Asked by: Baroness Falkner of Margravine (Crossbench - Life peer)
Question to the Department of Health and Social Care:
To ask His Majesty's Government whether, within the last ten years, they have sought to require (1) the Tavistock Clinic, or (2) related NHS institutions which have treated gender dysphoric related conditions, to provide data linkage information; and whether they intend to do so in the future.
Answered by Baroness Merron - Parliamentary Under-Secretary (Department of Health and Social Care)
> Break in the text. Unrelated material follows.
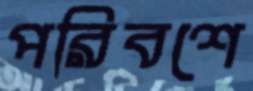
পরিবশে

The Data Linkage Study is a retrospective study based on an analysis of data collected historically for a cohort of adults who, as children, were cared for under a former model of National Health Service gender care, the Gender Identity Development Service (GIDS). This study requires no active patient participation and instead relies on an analysis of the available digital information held within health records and other nationally held databases. The analysis looks for potential linkages or associations that do not prove ‘cause and effect’ but nonetheless may provide useful insights on the experience and outcomes of former GIDS patients.
The study was planned to take place during the lifespan of the Independent Cass Review and a statutory instrument was brought forward in 2022 aiming to protect those disclosing protected information. It is well documented that some NHS adult Gender Dysphoria Clinics did not send data to allow the study to commence and the study was not completed.
NHS England is now responsible for delivery of the Data Linkage Study. NHS England has taken time to undertake due diligence work on the data sources critical to the study, and to work with organisations to refine the planned approach to data sharing. Study approvals are currently in progress. As with usual research practice, the data linkage study protocol will be made available in the public domain once independent research and ethical approvals have been appropriately secured, at which point the analytical work can begin.